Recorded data
=== Begin Enclosure ===
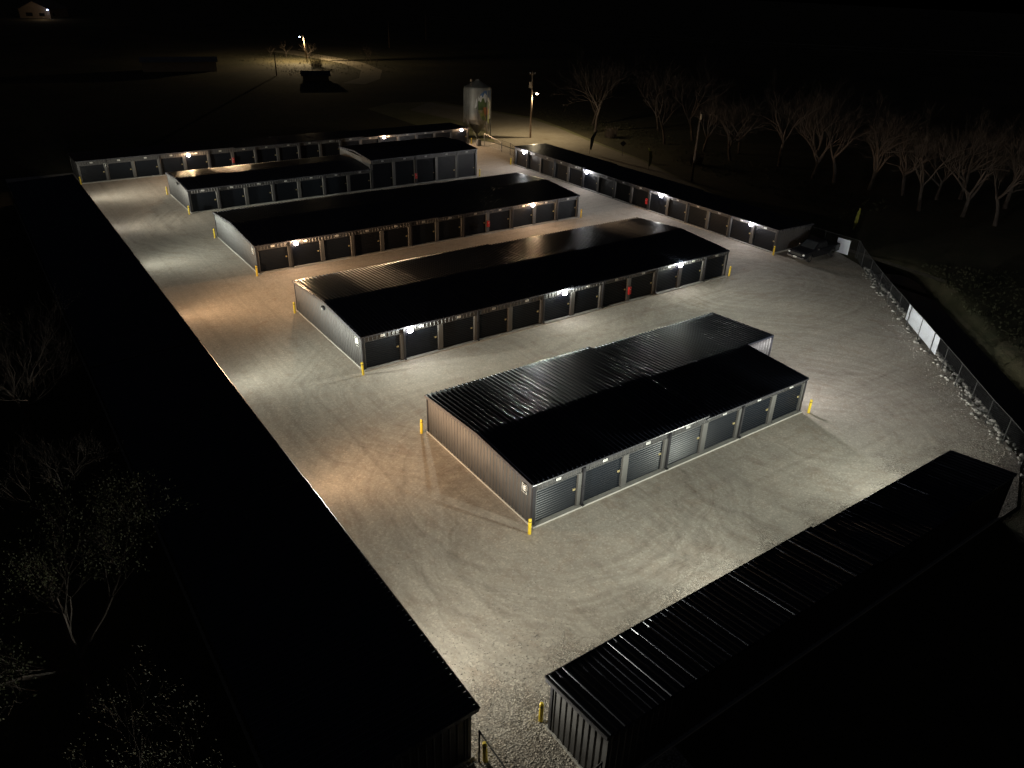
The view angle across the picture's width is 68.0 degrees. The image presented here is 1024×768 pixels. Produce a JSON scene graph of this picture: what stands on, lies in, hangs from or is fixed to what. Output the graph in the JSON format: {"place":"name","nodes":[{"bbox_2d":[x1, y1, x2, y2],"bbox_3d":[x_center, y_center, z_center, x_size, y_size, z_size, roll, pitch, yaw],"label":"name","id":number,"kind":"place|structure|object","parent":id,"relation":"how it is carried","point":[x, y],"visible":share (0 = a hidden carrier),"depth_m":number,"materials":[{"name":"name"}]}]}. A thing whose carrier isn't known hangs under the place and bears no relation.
{"place":"outdoors","nodes":[
{"label":"outdoors","id":0,"kind":"place"},
{"bbox_2d":[165,136,476,213],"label":"storage building","id":1,"kind":"structure","parent":0,"point":[365,167],"depth_m":94.42,"materials":[{"name":"metal"}]},
{"bbox_2d":[190,191,217,211],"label":"door","id":2,"kind":"structure","parent":1,"relation":"in","point":[206,200],"depth_m":85.60,"materials":[{"name":"black metal"}]},
{"bbox_2d":[220,188,245,207],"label":"door","id":3,"kind":"structure","parent":1,"relation":"in","point":[231,197],"depth_m":87.22,"materials":[{"name":"black metal"}]},
{"bbox_2d":[247,185,272,203],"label":"door","id":4,"kind":"structure","parent":1,"relation":"in","point":[257,194],"depth_m":88.86,"materials":[{"name":"black metal"}]},
{"bbox_2d":[274,182,297,200],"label":"door","id":5,"kind":"structure","parent":1,"relation":"in","point":[283,191],"depth_m":90.49,"materials":[{"name":"black metal"}]},
{"bbox_2d":[300,179,322,197],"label":"door","id":6,"kind":"structure","parent":1,"relation":"in","point":[309,188],"depth_m":92.10,"materials":[{"name":"black metal"}]},
{"bbox_2d":[325,176,346,193],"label":"door","id":7,"kind":"structure","parent":1,"relation":"in","point":[333,185],"depth_m":93.76,"materials":[{"name":"black metal"}]},
{"bbox_2d":[350,173,370,190],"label":"door","id":8,"kind":"structure","parent":1,"relation":"in","point":[357,182],"depth_m":95.38,"materials":[{"name":"black metal"}]},
{"bbox_2d":[373,162,392,187],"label":"door","id":9,"kind":"structure","parent":1,"relation":"in","point":[382,173],"depth_m":96.76,"materials":[{"name":"black metal"}]},
{"bbox_2d":[395,160,413,184],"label":"door","id":10,"kind":"structure","parent":1,"relation":"in","point":[404,170],"depth_m":98.37,"materials":[{"name":"black metal"}]},
{"bbox_2d":[417,158,434,182],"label":"door","id":11,"kind":"structure","parent":1,"relation":"in","point":[425,167],"depth_m":99.99,"materials":[{"name":"black metal"}]},
{"bbox_2d":[438,155,454,179],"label":"door","id":12,"kind":"structure","parent":1,"relation":"in","point":[446,164],"depth_m":101.60,"materials":[{"name":"black metal"}]},
{"bbox_2d":[458,153,474,176],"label":"door","id":13,"kind":"structure","parent":1,"relation":"in","point":[466,162],"depth_m":103.20,"materials":[{"name":"black metal"}]},
{"bbox_2d":[271,50,381,83],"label":"lane","id":14,"kind":"structure","parent":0,"point":[368,75],"depth_m":219.02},
{"bbox_2d":[212,172,579,274],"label":"storage building","id":15,"kind":"structure","parent":0,"point":[267,238],"depth_m":77.47,"materials":[{"name":"metal"}]},
{"bbox_2d":[258,246,288,271],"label":"door","id":16,"kind":"structure","parent":15,"relation":"in","point":[275,258],"depth_m":69.25,"materials":[{"name":"black metal"}]},
{"bbox_2d":[292,241,320,265],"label":"door","id":17,"kind":"structure","parent":15,"relation":"in","point":[306,253],"depth_m":70.84,"materials":[{"name":"black metal"}]},
{"bbox_2d":[324,236,350,259],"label":"door","id":18,"kind":"structure","parent":15,"relation":"in","point":[335,248],"depth_m":72.43,"materials":[{"name":"black metal"}]},
{"bbox_2d":[354,231,380,254],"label":"door","id":19,"kind":"structure","parent":15,"relation":"in","point":[368,242],"depth_m":74.04,"materials":[{"name":"black metal"}]},
{"bbox_2d":[384,227,407,249],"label":"door","id":20,"kind":"structure","parent":15,"relation":"in","point":[393,238],"depth_m":75.63,"materials":[{"name":"black metal"}]},
{"bbox_2d":[412,222,434,244],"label":"door","id":21,"kind":"structure","parent":15,"relation":"in","point":[423,233],"depth_m":77.24,"materials":[{"name":"black metal"}]},
{"bbox_2d":[439,218,460,239],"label":"door","id":22,"kind":"structure","parent":15,"relation":"in","point":[448,229],"depth_m":78.84,"materials":[{"name":"black metal"}]},
{"bbox_2d":[465,214,485,235],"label":"door","id":23,"kind":"structure","parent":15,"relation":"in","point":[473,224],"depth_m":80.41,"materials":[{"name":"black metal"}]},
{"bbox_2d":[489,210,509,231],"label":"door","id":24,"kind":"structure","parent":15,"relation":"in","point":[498,220],"depth_m":82.00,"materials":[{"name":"black metal"}]},
{"bbox_2d":[513,207,532,226],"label":"door","id":25,"kind":"structure","parent":15,"relation":"in","point":[522,216],"depth_m":83.60,"materials":[{"name":"black metal"}]},
{"bbox_2d":[536,203,554,222],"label":"door","id":26,"kind":"structure","parent":15,"relation":"in","point":[544,213],"depth_m":85.21,"materials":[{"name":"black metal"}]},
{"bbox_2d":[558,200,575,218],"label":"door","id":27,"kind":"structure","parent":15,"relation":"in","point":[566,209],"depth_m":86.80,"materials":[{"name":"black metal"}]},
{"bbox_2d":[292,217,729,371],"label":"storage building","id":28,"kind":"structure","parent":0,"point":[374,317],"depth_m":61.11,"materials":[{"name":"metal"}]},
{"bbox_2d":[365,334,399,367],"bbox_3d":[-9.041,-2.338,53.043,2.680,2.070,0.095,-17,34,-31],"label":"door","id":29,"kind":"structure","parent":28,"relation":"in","point":[384,350],"depth_m":53.10,"materials":[{"name":"black metal"}]},
{"bbox_2d":[405,325,437,357],"bbox_3d":[-6.514,-3.111,54.625,2.680,2.070,0.095,-17,34,-31],"label":"door","id":30,"kind":"structure","parent":28,"relation":"in","point":[424,340],"depth_m":54.69,"materials":[{"name":"black metal"}]},
{"bbox_2d":[443,317,472,347],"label":"door","id":31,"kind":"structure","parent":28,"relation":"in","point":[460,331],"depth_m":56.25,"materials":[{"name":"black metal"}]},
{"bbox_2d":[479,308,506,338],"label":"door","id":32,"kind":"structure","parent":28,"relation":"in","point":[495,322],"depth_m":57.85,"materials":[{"name":"black metal"}]},
{"bbox_2d":[512,300,539,329],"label":"door","id":33,"kind":"structure","parent":28,"relation":"in","point":[527,314],"depth_m":59.42,"materials":[{"name":"black metal"}]},
{"bbox_2d":[544,293,569,321],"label":"door","id":34,"kind":"structure","parent":28,"relation":"in","point":[556,307],"depth_m":61.03,"materials":[{"name":"black metal"}]},
{"bbox_2d":[574,286,598,313],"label":"door","id":35,"kind":"structure","parent":28,"relation":"in","point":[586,299],"depth_m":62.59,"materials":[{"name":"black metal"}]},
{"bbox_2d":[603,279,626,305],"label":"door","id":36,"kind":"structure","parent":28,"relation":"in","point":[614,292],"depth_m":64.20,"materials":[{"name":"black metal"}]},
{"bbox_2d":[629,273,652,298],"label":"door","id":37,"kind":"structure","parent":28,"relation":"in","point":[641,285],"depth_m":65.78,"materials":[{"name":"black metal"}]},
{"bbox_2d":[656,267,677,291],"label":"door","id":38,"kind":"structure","parent":28,"relation":"in","point":[667,279],"depth_m":67.38,"materials":[{"name":"black metal"}]},
{"bbox_2d":[680,261,701,285],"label":"door","id":39,"kind":"structure","parent":28,"relation":"in","point":[691,272],"depth_m":68.95,"materials":[{"name":"black metal"}]},
{"bbox_2d":[704,255,724,279],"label":"door","id":40,"kind":"structure","parent":28,"relation":"in","point":[714,267],"depth_m":70.57,"materials":[{"name":"black metal"}]},
{"bbox_2d":[0,0,1023,767],"bbox_3d":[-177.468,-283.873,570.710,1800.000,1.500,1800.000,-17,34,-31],"label":"ground","id":41,"kind":"structure","parent":0,"point":[924,668],"depth_m":104.92,"materials":[{"name":"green plant"}]},
{"bbox_2d":[18,0,68,18],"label":"house","id":42,"kind":"structure","parent":41,"relation":"on","point":[33,9],"depth_m":368.24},
{"bbox_2d":[0,282,87,437],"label":"bare tree","id":43,"kind":"object","parent":41,"relation":"on","point":[26,408],"visible":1,"depth_m":43.49,"materials":[{"name":"brown plant"}]},
{"bbox_2d":[0,429,126,540],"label":"bare tree","id":44,"kind":"object","parent":41,"relation":"on","point":[61,521],"visible":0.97,"depth_m":35.58,"materials":[{"name":"brown plant"}]},
{"bbox_2d":[0,455,193,759],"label":"leafy tree","id":45,"kind":"object","parent":41,"relation":"on","point":[83,668],"visible":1,"depth_m":27.42,"materials":[{"name":"green plant"}]},
{"bbox_2d":[54,641,235,767],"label":"leafy tree","id":46,"kind":"object","parent":41,"relation":"on","point":[141,757],"visible":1,"depth_m":22.72,"materials":[{"name":"green plant"}]},
{"bbox_2d":[139,56,217,71],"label":"long shed","id":47,"kind":"structure","parent":41,"relation":"on","point":[174,64],"depth_m":198.16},
{"bbox_2d":[300,71,330,80],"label":"shed","id":48,"kind":"structure","parent":41,"relation":"on","point":[315,75],"depth_m":189.24,"materials":[{"name":"black metal"}]},
{"bbox_2d":[565,55,625,124],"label":"bare tree","id":49,"kind":"object","parent":41,"relation":"on","point":[600,96],"visible":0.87,"depth_m":139.54,"materials":[{"name":"brown plant"}]},
{"bbox_2d":[549,47,642,131],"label":"bare tree","id":50,"kind":"object","parent":41,"relation":"on","point":[598,112],"visible":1,"depth_m":134.32,"materials":[{"name":"brown plant"}]},
{"bbox_2d":[631,57,687,130],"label":"bare tree","id":51,"kind":"object","parent":41,"relation":"on","point":[656,111],"visible":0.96,"depth_m":137.98,"materials":[{"name":"brown plant"}]},
{"bbox_2d":[644,78,695,143],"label":"bare tree","id":52,"kind":"object","parent":41,"relation":"on","point":[663,117],"visible":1,"depth_m":127.28,"materials":[{"name":"brown plant"}]},
{"bbox_2d":[665,57,737,140],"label":"bare tree","id":53,"kind":"object","parent":41,"relation":"on","point":[690,123],"visible":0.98,"depth_m":130.00,"materials":[{"name":"brown plant"}]},
{"bbox_2d":[679,87,734,151],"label":"bare tree","id":54,"kind":"object","parent":41,"relation":"on","point":[708,134],"visible":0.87,"depth_m":121.95,"materials":[{"name":"brown plant"}]},
{"bbox_2d":[700,93,763,160],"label":"bare tree","id":55,"kind":"object","parent":41,"relation":"on","point":[731,143],"visible":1,"depth_m":115.78,"materials":[{"name":"brown plant"}]},
{"bbox_2d":[703,90,783,153],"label":"bare tree","id":56,"kind":"object","parent":41,"relation":"on","point":[739,143],"visible":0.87,"depth_m":121.84,"materials":[{"name":"brown plant"}]},
{"bbox_2d":[734,69,847,166],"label":"bare tree","id":57,"kind":"object","parent":41,"relation":"on","point":[781,134],"visible":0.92,"depth_m":112.39,"materials":[{"name":"brown plant"}]},
{"bbox_2d":[774,86,874,178],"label":"bare tree","id":58,"kind":"object","parent":41,"relation":"on","point":[818,161],"visible":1,"depth_m":104.73,"materials":[{"name":"brown plant"}]},
{"bbox_2d":[790,76,880,168],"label":"bare tree","id":59,"kind":"object","parent":41,"relation":"on","point":[814,144],"visible":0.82,"depth_m":112.15,"materials":[{"name":"brown plant"}]},
{"bbox_2d":[815,92,896,183],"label":"bare tree","id":60,"kind":"object","parent":41,"relation":"on","point":[837,153],"visible":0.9,"depth_m":105.10,"materials":[{"name":"brown plant"}]},
{"bbox_2d":[847,108,916,189],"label":"bare tree","id":61,"kind":"object","parent":41,"relation":"on","point":[877,169],"visible":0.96,"depth_m":100.90,"materials":[{"name":"brown plant"}]},
{"bbox_2d":[860,93,948,183],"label":"bare tree","id":62,"kind":"object","parent":41,"relation":"on","point":[897,135],"visible":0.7,"depth_m":104.49,"materials":[{"name":"brown plant"}]},
{"bbox_2d":[859,115,955,195],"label":"bare tree","id":63,"kind":"object","parent":41,"relation":"on","point":[904,173],"visible":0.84,"depth_m":99.12,"materials":[{"name":"brown plant"}]},
{"bbox_2d":[891,104,995,210],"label":"bare tree","id":64,"kind":"object","parent":41,"relation":"on","point":[922,183],"visible":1,"depth_m":91.70,"materials":[{"name":"brown plant"}]},
{"bbox_2d":[906,129,1002,199],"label":"bare tree","id":65,"kind":"object","parent":41,"relation":"on","point":[946,177],"visible":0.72,"depth_m":99.08,"materials":[{"name":"brown plant"}]},
{"bbox_2d":[922,110,1023,216],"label":"bare tree","id":66,"kind":"object","parent":41,"relation":"on","point":[969,196],"visible":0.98,"depth_m":89.62,"materials":[{"name":"brown plant"}]},
{"bbox_2d":[958,100,1022,199],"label":"bare tree","id":67,"kind":"object","parent":41,"relation":"on","point":[961,195],"visible":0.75,"depth_m":97.73,"materials":[{"name":"brown plant"}]},
{"bbox_2d":[978,131,1023,225],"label":"bare tree","id":68,"kind":"object","parent":41,"relation":"on","point":[996,217],"visible":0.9,"depth_m":88.40,"materials":[{"name":"brown plant"}]},
{"bbox_2d":[984,125,1023,208],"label":"bare tree","id":69,"kind":"object","parent":41,"relation":"on","point":[1008,197],"visible":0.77,"depth_m":93.68,"materials":[{"name":"brown plant"}]},
{"bbox_2d":[5,139,1023,767],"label":"yard gravel","id":70,"kind":"structure","parent":0,"point":[429,523],"depth_m":45.42,"materials":[{"name":"grey gravel"}]},
{"bbox_2d":[7,174,480,767],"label":"storage building","id":71,"kind":"structure","parent":70,"relation":"on","point":[321,648],"depth_m":32.74,"materials":[{"name":"metal"}]},
{"bbox_2d":[68,122,468,183],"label":"storage building","id":72,"kind":"structure","parent":70,"relation":"on","point":[97,166],"depth_m":104.68,"materials":[{"name":"metal"}]},
{"bbox_2d":[79,164,106,182],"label":"door","id":73,"kind":"structure","parent":72,"relation":"in","point":[91,173],"depth_m":95.61,"materials":[{"name":"black metal"}]},
{"bbox_2d":[108,162,133,179],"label":"door","id":74,"kind":"structure","parent":72,"relation":"in","point":[122,170],"depth_m":97.23,"materials":[{"name":"black metal"}]},
{"bbox_2d":[134,159,159,176],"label":"door","id":75,"kind":"structure","parent":72,"relation":"in","point":[145,167],"depth_m":98.86,"materials":[{"name":"black metal"}]},
{"bbox_2d":[160,157,184,173],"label":"door","id":76,"kind":"structure","parent":72,"relation":"in","point":[175,164],"depth_m":100.44,"materials":[{"name":"black metal"}]},
{"bbox_2d":[186,155,208,169],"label":"door","id":77,"kind":"structure","parent":72,"relation":"in","point":[199,161],"depth_m":102.07,"materials":[{"name":"black metal"}]},
{"bbox_2d":[210,152,231,167],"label":"door","id":78,"kind":"structure","parent":72,"relation":"in","point":[220,159],"depth_m":103.71,"materials":[{"name":"black metal"}]},
{"bbox_2d":[234,150,254,164],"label":"door","id":79,"kind":"structure","parent":72,"relation":"in","point":[242,157],"depth_m":105.34,"materials":[{"name":"black metal"}]},
{"bbox_2d":[257,148,276,162],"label":"door","id":80,"kind":"structure","parent":72,"relation":"in","point":[264,155],"depth_m":106.97,"materials":[{"name":"black metal"}]},
{"bbox_2d":[279,146,298,160],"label":"door","id":81,"kind":"structure","parent":72,"relation":"in","point":[286,153],"depth_m":108.60,"materials":[{"name":"black metal"}]},
{"bbox_2d":[301,144,319,158],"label":"door","id":82,"kind":"structure","parent":72,"relation":"in","point":[307,151],"depth_m":110.23,"materials":[{"name":"black metal"}]},
{"bbox_2d":[514,143,813,253],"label":"storage building","id":83,"kind":"structure","parent":70,"relation":"on","point":[760,228],"depth_m":89.61,"materials":[{"name":"metal"}]},
{"bbox_2d":[615,183,629,202],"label":"door","id":84,"kind":"structure","parent":83,"relation":"in","point":[622,191],"depth_m":94.43,"materials":[{"name":"black metal"}]},
{"bbox_2d":[632,188,647,207],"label":"door","id":85,"kind":"structure","parent":83,"relation":"in","point":[639,196],"depth_m":92.26,"materials":[{"name":"black metal"}]},
{"bbox_2d":[649,193,666,214],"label":"door","id":86,"kind":"structure","parent":83,"relation":"in","point":[657,203],"depth_m":89.98,"materials":[{"name":"black metal"}]},
{"bbox_2d":[668,199,685,220],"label":"door","id":87,"kind":"structure","parent":83,"relation":"in","point":[677,210],"depth_m":87.78,"materials":[{"name":"black metal"}]},
{"bbox_2d":[687,206,706,227],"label":"door","id":88,"kind":"structure","parent":83,"relation":"in","point":[696,216],"depth_m":85.54,"materials":[{"name":"black metal"}]},
{"bbox_2d":[708,212,728,235],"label":"door","id":89,"kind":"structure","parent":83,"relation":"in","point":[717,223],"depth_m":83.31,"materials":[{"name":"black metal"}]},
{"bbox_2d":[729,219,751,242],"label":"door","id":90,"kind":"structure","parent":83,"relation":"in","point":[740,231],"depth_m":81.10,"materials":[{"name":"black metal"}]},
{"bbox_2d":[752,227,775,250],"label":"door","id":91,"kind":"structure","parent":83,"relation":"in","point":[763,238],"depth_m":78.84,"materials":[{"name":"black metal"}]},
{"bbox_2d":[544,450,1017,767],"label":"storage building","id":92,"kind":"structure","parent":70,"relation":"on","point":[645,692],"depth_m":29.98,"materials":[{"name":"metal"}]},
{"bbox_2d":[787,237,839,261],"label":"pickup truck","id":93,"kind":"object","parent":70,"relation":"on","point":[806,250],"visible":1,"depth_m":76.39,"materials":[{"name":"black paint"}]},
{"bbox_2d":[856,241,1023,467],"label":"chain link fence","id":94,"kind":"object","parent":70,"relation":"on","point":[888,288],"visible":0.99,"depth_m":55.68,"materials":[{"name":"metal"}]},
{"bbox_2d":[906,305,939,352],"bbox_3d":[32.073,-4.375,59.349,0.027,1.380,6.775,5,28,6],"label":"fence banner","id":95,"kind":"object","parent":94,"relation":"attached to","point":[925,333],"visible":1,"depth_m":59.00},
{"bbox_2d":[863,267,1023,477],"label":"riprap","id":96,"kind":"object","parent":70,"relation":"on","point":[984,409],"visible":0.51,"depth_m":52.94,"materials":[{"name":"stone"}]},
{"bbox_2d":[368,101,715,194],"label":"verge","id":97,"kind":"structure","parent":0,"point":[402,112],"depth_m":145.67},
{"bbox_2d":[463,79,490,140],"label":"grain silo","id":98,"kind":"object","parent":97,"relation":"on","point":[477,103],"visible":0.99,"depth_m":124.37,"materials":[{"name":"metal"}]},
{"bbox_2d":[425,312,808,528],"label":"storage building","id":99,"kind":"structure","parent":0,"point":[540,443],"depth_m":44.05,"materials":[{"name":"metal"}]},
{"bbox_2d":[535,475,576,521],"bbox_3d":[2.232,5.770,38.621,2.680,2.070,0.095,-17,34,-31],"label":"door","id":100,"kind":"structure","parent":99,"relation":"in","point":[557,497],"depth_m":38.69,"materials":[{"name":"black metal"}]},
{"bbox_2d":[584,457,621,500],"bbox_3d":[4.760,4.997,40.203,2.680,2.070,0.095,-17,34,-31],"label":"door","id":101,"kind":"structure","parent":99,"relation":"in","point":[605,477],"depth_m":40.31,"materials":[{"name":"black metal"}]},
{"bbox_2d":[626,441,662,482],"bbox_3d":[7.287,4.224,41.784,2.680,2.070,0.095,-17,34,-31],"label":"door","id":102,"kind":"structure","parent":99,"relation":"in","point":[646,460],"depth_m":41.87,"materials":[{"name":"black metal"}]},
{"bbox_2d":[668,425,701,464],"bbox_3d":[9.814,3.451,43.366,2.680,2.070,0.095,-17,34,-31],"label":"door","id":103,"kind":"structure","parent":99,"relation":"in","point":[684,444],"depth_m":43.49,"materials":[{"name":"black metal"}]},
{"bbox_2d":[704,411,736,448],"bbox_3d":[12.342,2.679,44.947,2.680,2.070,0.095,-17,34,-31],"label":"door","id":104,"kind":"structure","parent":99,"relation":"in","point":[721,429],"depth_m":45.04,"materials":[{"name":"black metal"}]},
{"bbox_2d":[740,397,770,433],"bbox_3d":[14.869,1.906,46.529,2.680,2.070,0.095,-17,34,-31],"label":"door","id":105,"kind":"structure","parent":99,"relation":"in","point":[755,415],"depth_m":46.66,"materials":[{"name":"black metal"}]},
{"bbox_2d":[772,385,801,419],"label":"door","id":106,"kind":"structure","parent":99,"relation":"in","point":[786,402],"depth_m":48.22,"materials":[{"name":"black metal"}]},
{"bbox_2d":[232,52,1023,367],"bbox_3d":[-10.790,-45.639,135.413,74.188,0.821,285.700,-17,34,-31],"label":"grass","id":107,"kind":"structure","parent":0,"point":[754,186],"depth_m":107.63,"materials":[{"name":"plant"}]},
{"bbox_2d":[411,102,945,281],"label":"road","id":108,"kind":"structure","parent":0,"point":[513,130],"depth_m":130.31,"materials":[{"name":"grey asphalt"}]},
{"bbox_2d":[757,0,1023,13],"label":"sky","id":109,"kind":"structure","parent":0,"point":[995,6],"materials":[{"name":"black"}]},
{"bbox_2d":[875,273,1023,452],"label":"ditch water","id":110,"kind":"structure","parent":0,"point":[1003,390],"depth_m":59.25,"materials":[{"name":"black liquid"}]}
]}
=== End Enclosure ===
REQUIRED ACTION
Determine how many lines in the records above have the string "leafy". Only the number should be returned.

RESPONSE FOR THIS EXERCISE
2